Het verschil is dat de gehallucineerde softwarepakketten nu bestaan in de echte wereld waarnaar de AI-agent verwijst. Dit type van supply chain attack staat ook bekend als slopsquatting. Hackers registreren de aanbevolen “hallucinated packages” op vertrouwde distributieplatforms. Deze softwarepakketten bevatten kwaadaardige code om je softwaretoepassing bij de bron te vergiftigen. Het probleem is dat je de gegenereerde code te veel vertrouwt, maar niet controleert of de voorgestelde code libraries die je gaat downloaden ook betrouwbaar zijn.

Speaking of vibe coding, the vibe coding platform Lovable also had its share of security issues with AI-generated code. About 10% of the deployed web applications scanned for security issues were exposed to hackers accessing data such as personal and financial information.API keys of cloud providers are publicly available. Cloud platform API keys are particularly attractive to hackers because they allow them to run their phishing sites and other malicious applications on a cloud platform for free. Again, it’s a good reminder to always set a budget limit on your cloud provider account.

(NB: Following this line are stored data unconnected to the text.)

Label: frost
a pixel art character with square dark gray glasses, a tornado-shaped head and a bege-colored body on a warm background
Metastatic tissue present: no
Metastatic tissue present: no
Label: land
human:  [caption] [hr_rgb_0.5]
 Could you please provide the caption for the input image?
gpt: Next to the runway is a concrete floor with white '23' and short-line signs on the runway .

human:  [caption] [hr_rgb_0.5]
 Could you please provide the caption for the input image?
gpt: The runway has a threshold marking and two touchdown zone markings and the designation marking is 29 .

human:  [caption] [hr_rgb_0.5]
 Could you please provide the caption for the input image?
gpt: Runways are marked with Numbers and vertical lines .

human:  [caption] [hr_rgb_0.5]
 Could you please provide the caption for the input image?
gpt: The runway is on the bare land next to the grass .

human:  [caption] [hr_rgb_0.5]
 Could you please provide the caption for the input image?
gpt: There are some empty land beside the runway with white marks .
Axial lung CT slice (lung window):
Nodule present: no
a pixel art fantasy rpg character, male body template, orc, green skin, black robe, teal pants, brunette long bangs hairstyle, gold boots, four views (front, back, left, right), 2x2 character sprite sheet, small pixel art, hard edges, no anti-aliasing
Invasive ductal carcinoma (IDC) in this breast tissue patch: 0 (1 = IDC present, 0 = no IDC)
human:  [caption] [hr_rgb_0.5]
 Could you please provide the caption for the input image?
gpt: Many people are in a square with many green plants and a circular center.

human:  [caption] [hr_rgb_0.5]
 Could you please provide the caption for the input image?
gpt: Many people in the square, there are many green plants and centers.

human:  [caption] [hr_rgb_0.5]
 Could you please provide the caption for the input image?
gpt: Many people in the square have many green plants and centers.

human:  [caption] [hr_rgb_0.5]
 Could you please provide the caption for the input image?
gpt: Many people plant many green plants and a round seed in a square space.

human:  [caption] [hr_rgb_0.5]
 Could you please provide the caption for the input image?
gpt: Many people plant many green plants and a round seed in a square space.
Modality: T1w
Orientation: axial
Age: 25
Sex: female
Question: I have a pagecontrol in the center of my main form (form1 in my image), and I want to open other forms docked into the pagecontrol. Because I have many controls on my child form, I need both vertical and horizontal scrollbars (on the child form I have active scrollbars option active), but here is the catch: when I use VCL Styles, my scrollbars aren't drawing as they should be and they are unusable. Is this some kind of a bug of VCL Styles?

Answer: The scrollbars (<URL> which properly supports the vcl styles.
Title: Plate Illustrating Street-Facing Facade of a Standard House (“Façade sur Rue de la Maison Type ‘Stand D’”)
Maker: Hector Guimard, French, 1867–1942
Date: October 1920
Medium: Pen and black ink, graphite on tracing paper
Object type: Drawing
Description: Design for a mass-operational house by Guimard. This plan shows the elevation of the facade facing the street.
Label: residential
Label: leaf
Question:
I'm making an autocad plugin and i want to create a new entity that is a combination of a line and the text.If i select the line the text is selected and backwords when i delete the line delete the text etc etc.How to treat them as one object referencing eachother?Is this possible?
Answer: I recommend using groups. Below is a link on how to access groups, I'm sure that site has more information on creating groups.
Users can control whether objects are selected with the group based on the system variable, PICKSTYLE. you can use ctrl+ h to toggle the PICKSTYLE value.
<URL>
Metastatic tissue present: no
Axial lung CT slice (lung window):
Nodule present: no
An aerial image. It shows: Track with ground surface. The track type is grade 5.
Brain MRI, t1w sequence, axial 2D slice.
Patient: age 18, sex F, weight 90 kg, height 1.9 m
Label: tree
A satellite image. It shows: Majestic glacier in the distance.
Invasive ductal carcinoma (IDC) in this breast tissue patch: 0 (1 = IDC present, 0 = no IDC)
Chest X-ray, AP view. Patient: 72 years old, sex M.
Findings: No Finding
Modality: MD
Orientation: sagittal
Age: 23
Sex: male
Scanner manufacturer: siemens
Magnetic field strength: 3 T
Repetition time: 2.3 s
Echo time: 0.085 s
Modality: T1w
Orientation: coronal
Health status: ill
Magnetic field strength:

Veel gebruikers van vibe coding hebben geen technische achtergrond en hebben vaak weinig of geen kennis van secure coding. Ze vertrouwen erop dat het vibe coding platform de beveiligingsaspecten van de geïmplementeerde webapplicatie afhandelt, maar deze platforms hebben nog een lange weg te gaan. Zoals Lovable zei in een post op X van 29 mei, “We’re not where we want to be in terms of security, and we’re committed to continuing to improve the security posture for all Lovable users”.

I probably keep repeating myself, an AI agent can be a great tool for a software engineer but make sure you’re still in the driver’s seat. You should care about the code (not just the AI generated or not) and certainly don’t blindly follow the AI agent.